Both methods search for transits, but differ in implementation:

### Box Least Squares (BLS)
**Pros:**
- Built into Astropy (no extra install)
- Fast for targeted searches
- Good statistical framework
- compute_stats() provides detailed validation

**Cons:**
- Simpler transit model (box shape)
- Requires careful period grid setup
- May be less sensitive to grazing transits

### Transit Least Squares (TLS)
**Pros:**
- More sophisticated transit models
- Generally more sensitive
- Better handles grazing transits
- Automatic period grid is more robust

**Cons:**
- Requires separate package
- Slower for very long time series
- Less control over transit shape

**Recommendation**: Try both! TLS is often more sensitive, but BLS is faster and built-in.

## Integration with Preprocessing

BLS works best with preprocessed data.
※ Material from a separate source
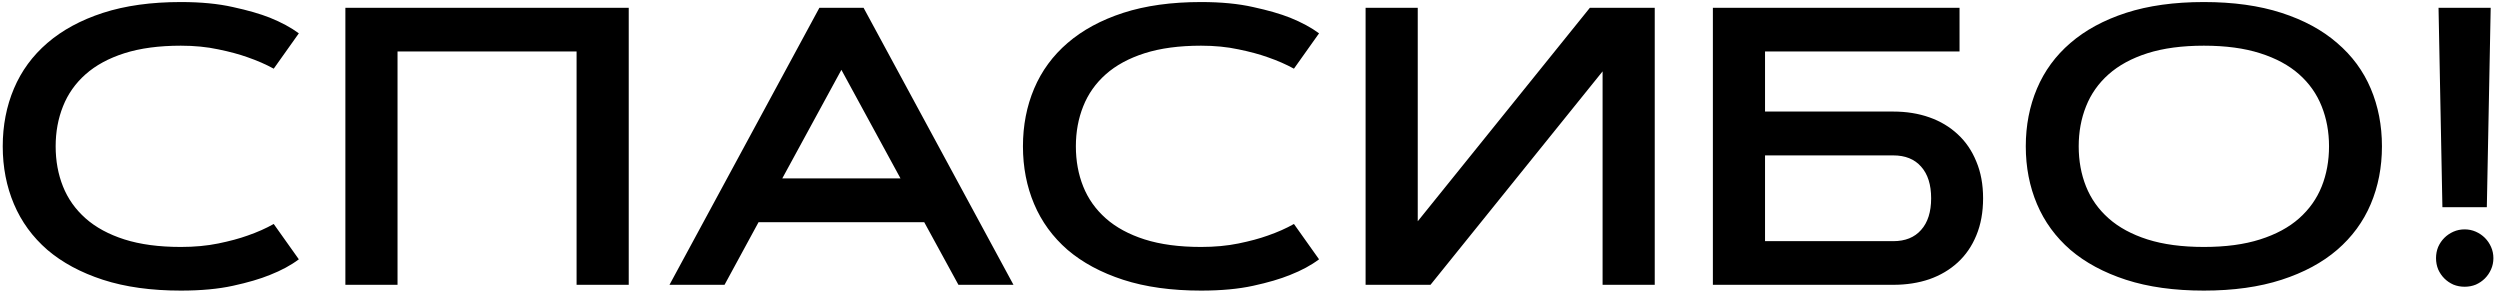 <?xml version="1.0" encoding="UTF-8"?> <svg xmlns="http://www.w3.org/2000/svg" width="316" height="37" viewBox="0 0 316 37" fill="none"> <path d="M7.035 18.495C7.035 20.334 7.344 22.027 7.963 23.573C8.581 25.119 9.534 26.462 10.819 27.602C12.105 28.741 13.741 29.628 15.727 30.263C17.729 30.898 20.105 31.215 22.855 31.215C24.581 31.215 26.16 31.068 27.592 30.775C29.024 30.482 30.261 30.149 31.303 29.774C32.523 29.351 33.622 28.863 34.599 28.31L37.773 32.777C36.78 33.526 35.559 34.185 34.11 34.755C32.873 35.259 31.319 35.715 29.447 36.122C27.592 36.529 25.395 36.732 22.855 36.732C19.112 36.732 15.832 36.277 13.017 35.365C10.217 34.454 7.873 33.192 5.985 31.581C4.114 29.953 2.706 28.025 1.762 25.795C0.818 23.565 0.346 21.132 0.346 18.495C0.346 15.858 0.818 13.425 1.762 11.195C2.706 8.965 4.114 7.045 5.985 5.434C7.873 3.806 10.217 2.536 13.017 1.625C15.832 0.714 19.112 0.258 22.855 0.258C25.378 0.258 27.576 0.469 29.447 0.893C31.319 1.299 32.873 1.747 34.11 2.235C35.559 2.821 36.78 3.48 37.773 4.213L34.599 8.681C33.622 8.144 32.523 7.663 31.303 7.24C30.261 6.866 29.024 6.532 27.592 6.239C26.16 5.93 24.581 5.775 22.855 5.775C20.105 5.775 17.729 6.093 15.727 6.728C13.741 7.362 12.105 8.249 10.819 9.389C9.534 10.528 8.581 11.879 7.963 13.441C7.344 14.988 7.035 16.672 7.035 18.495ZM43.656 0.99H79.472V36H72.88V6.508H50.248V36H43.656V0.99ZM116.825 28.09H95.878L91.581 36H84.623L103.568 0.99H109.159L128.104 36H121.146L116.825 28.09ZM98.881 22.548H113.822L106.352 8.827L98.881 22.548ZM135.99 18.495C135.99 20.334 136.299 22.027 136.918 23.573C137.536 25.119 138.489 26.462 139.774 27.602C141.06 28.741 142.696 29.628 144.682 30.263C146.684 30.898 149.06 31.215 151.811 31.215C153.536 31.215 155.115 31.068 156.547 30.775C157.979 30.482 159.216 30.149 160.258 29.774C161.479 29.351 162.577 28.863 163.554 28.31L166.728 32.777C165.735 33.526 164.514 34.185 163.065 34.755C161.828 35.259 160.274 35.715 158.402 36.122C156.547 36.529 154.35 36.732 151.811 36.732C148.067 36.732 144.787 36.277 141.972 35.365C139.172 34.454 136.828 33.192 134.94 31.581C133.069 29.953 131.661 28.025 130.717 25.795C129.773 23.565 129.301 21.132 129.301 18.495C129.301 15.858 129.773 13.425 130.717 11.195C131.661 8.965 133.069 7.045 134.94 5.434C136.828 3.806 139.172 2.536 141.972 1.625C144.787 0.714 148.067 0.258 151.811 0.258C154.333 0.258 156.531 0.469 158.402 0.893C160.274 1.299 161.828 1.747 163.065 2.235C164.514 2.821 165.735 3.48 166.728 4.213L163.554 8.681C162.577 8.144 161.479 7.663 160.258 7.24C159.216 6.866 157.979 6.532 156.547 6.239C155.115 5.93 153.536 5.775 151.811 5.775C149.06 5.775 146.684 6.093 144.682 6.728C142.696 7.362 141.06 8.249 139.774 9.389C138.489 10.528 137.536 11.879 136.918 13.441C136.299 14.988 135.99 16.672 135.99 18.495ZM209.159 36H202.567V9.022L180.814 36H172.611V0.99H179.203V27.968L200.956 0.99H209.159V36ZM247.685 0.99V6.508H223.1V14.101H239.311C240.971 14.101 242.493 14.345 243.876 14.833C245.259 15.321 246.456 16.037 247.465 16.981C248.474 17.909 249.255 19.057 249.809 20.424C250.378 21.775 250.663 23.321 250.663 25.062C250.663 26.82 250.378 28.383 249.809 29.75C249.255 31.101 248.474 32.24 247.465 33.168C246.456 34.096 245.259 34.804 243.876 35.292C242.493 35.764 240.971 36 239.311 36H216.508V0.99H247.685ZM239.311 30.482C240.824 30.482 241.996 30.01 242.826 29.066C243.673 28.122 244.096 26.788 244.096 25.062C244.096 23.337 243.673 22.003 242.826 21.059C241.996 20.115 240.824 19.643 239.311 19.643H223.1V30.482H239.311ZM278.568 36.732C274.825 36.732 271.545 36.277 268.729 35.365C265.93 34.454 263.586 33.192 261.698 31.581C259.826 29.953 258.419 28.025 257.475 25.795C256.531 23.565 256.059 21.132 256.059 18.495C256.059 15.858 256.531 13.425 257.475 11.195C258.419 8.965 259.826 7.045 261.698 5.434C263.586 3.806 265.93 2.536 268.729 1.625C271.545 0.714 274.825 0.258 278.568 0.258C282.296 0.258 285.567 0.714 288.383 1.625C291.199 2.536 293.542 3.806 295.414 5.434C297.302 7.045 298.718 8.965 299.662 11.195C300.606 13.425 301.078 15.858 301.078 18.495C301.078 21.132 300.606 23.565 299.662 25.795C298.718 28.025 297.302 29.953 295.414 31.581C293.542 33.192 291.199 34.454 288.383 35.365C285.567 36.277 282.296 36.732 278.568 36.732ZM278.568 31.215C281.319 31.215 283.687 30.898 285.673 30.263C287.675 29.628 289.319 28.741 290.604 27.602C291.89 26.462 292.842 25.119 293.461 23.573C294.079 22.027 294.389 20.334 294.389 18.495C294.389 16.672 294.079 14.988 293.461 13.441C292.842 11.879 291.89 10.528 290.604 9.389C289.319 8.249 287.675 7.362 285.673 6.728C283.687 6.093 281.319 5.775 278.568 5.775C275.818 5.775 273.441 6.093 271.439 6.728C269.454 7.362 267.818 8.249 266.532 9.389C265.246 10.528 264.294 11.879 263.676 13.441C263.057 14.988 262.748 16.672 262.748 18.495C262.748 20.334 263.057 22.027 263.676 23.573C264.294 25.119 265.246 26.462 266.532 27.602C267.818 28.741 269.454 29.628 271.439 30.263C273.441 30.898 275.818 31.215 278.568 31.215ZM308.231 0.99H314.823L314.335 26.186H308.72L308.231 0.99ZM307.914 32.631C307.914 32.126 308.004 31.654 308.183 31.215C308.378 30.775 308.638 30.393 308.964 30.067C309.289 29.742 309.672 29.481 310.111 29.286C310.551 29.091 311.023 28.993 311.527 28.993C312.032 28.993 312.504 29.091 312.943 29.286C313.383 29.481 313.765 29.742 314.091 30.067C314.416 30.393 314.677 30.775 314.872 31.215C315.067 31.654 315.165 32.126 315.165 32.631C315.165 33.135 315.067 33.607 314.872 34.047C314.677 34.486 314.416 34.869 314.091 35.194C313.765 35.52 313.383 35.78 312.943 35.976C312.504 36.155 312.032 36.244 311.527 36.244C311.023 36.244 310.551 36.155 310.111 35.976C309.672 35.78 309.289 35.52 308.964 35.194C308.638 34.869 308.378 34.486 308.183 34.047C308.004 33.607 307.914 33.135 307.914 32.631Z" fill="black"></path> </svg>

Consider this pipeline:

1. **Quality filtering**: Remove flagged data points
2. **Outlier removal**: Clean obvious artifacts
3. **Detrending**: Remove stellar variability (rotation, trends)
4. **BLS search**: Run period search on cleaned data
5. **Validation**: Use `compute_stats()` to check candidate quality

### Key Considerations

- Preprocessing should **preserve transit shapes** (use gentle methods like `flatten()`)
- Don't over-process - too aggressive cleaning removes real signals
- BLS needs reasonable period and duration ranges
- Always validate with multiple metrics (power, SNR, odd-even)

## Common Issues

### Issue: No clear peak
**Causes:**
- Transits too shallow
- Wrong duration range
- Period outside search range
- Over-aggressive preprocessing

**Solutions:**
- Try wider duration range
- Extend period search range
- Use less aggressive `flatten()` window
- Check raw data for transits

### Issue: Period is 2× or 0.5× expected
**Causes:**
- Missing alternating transits
- Data gaps
- Period aliasing

**Solutions:**
- Check both periods manually
- Examine odd-even statistics
- Look at phase-folded plots for both periods

### Issue: High odd-even mismatch
**Cause:**
- Not a planetary transit
- Eclipsing binary
- Instrumental artifact

**Solution:**
- Check `stats['depth_odd']` vs `stats['depth_even']`
- May not be a transiting planet

## Dependencies

```bash
pip install astropy numpy matplotlib
# Optional: lightkurve for preprocessing
pip install lightkurve
```

## References

### Official Documentation
- [Astropy BLS Documentation](https://docs.astropy.org/en/stable/timeseries/bls.html)
- [Astropy Time Series Guide](https://docs.astropy.org/en/stable/timeseries/)

### Key Papers
- **Kovács, Zucker, & Mazeh (2002)**: Original BLS paper - [A&A 391, 369](https://arxiv.org/abs/astro-ph/0206099)
- **Hartman & Bakos (2016)**: VARTOOLS implementation - [A&C 17, 1](https://arxiv.org/abs/1605.06811)

### Related Resources
- [Lightkurve Tutorials](https://lightkurve.github.io/lightkurve/tutorials/)
- [TLS GitHub](https://github.com/hippke/tls) - Alternative transit detection method

## When to Use BLS

**Use BLS when:**
- You want a fast, built-in solution
- You need detailed validation statistics (`compute_stats`)
- Working within the Astropy ecosystem
- You want fine control over period grid

**Use TLS when:**
- Maximum sensitivity is critical
- Dealing with grazing or partial transits
- Want automatic robust period grid
- Prefer more sophisticated transit models

**Use Lomb-Scargle when:**
- Searching for general periodic signals (not specifically transits)
- Detecting stellar rotation, pulsation
- Initial exploration of periodicity

For exoplanet detection, both BLS and TLS are valid choices. Try both and compare results!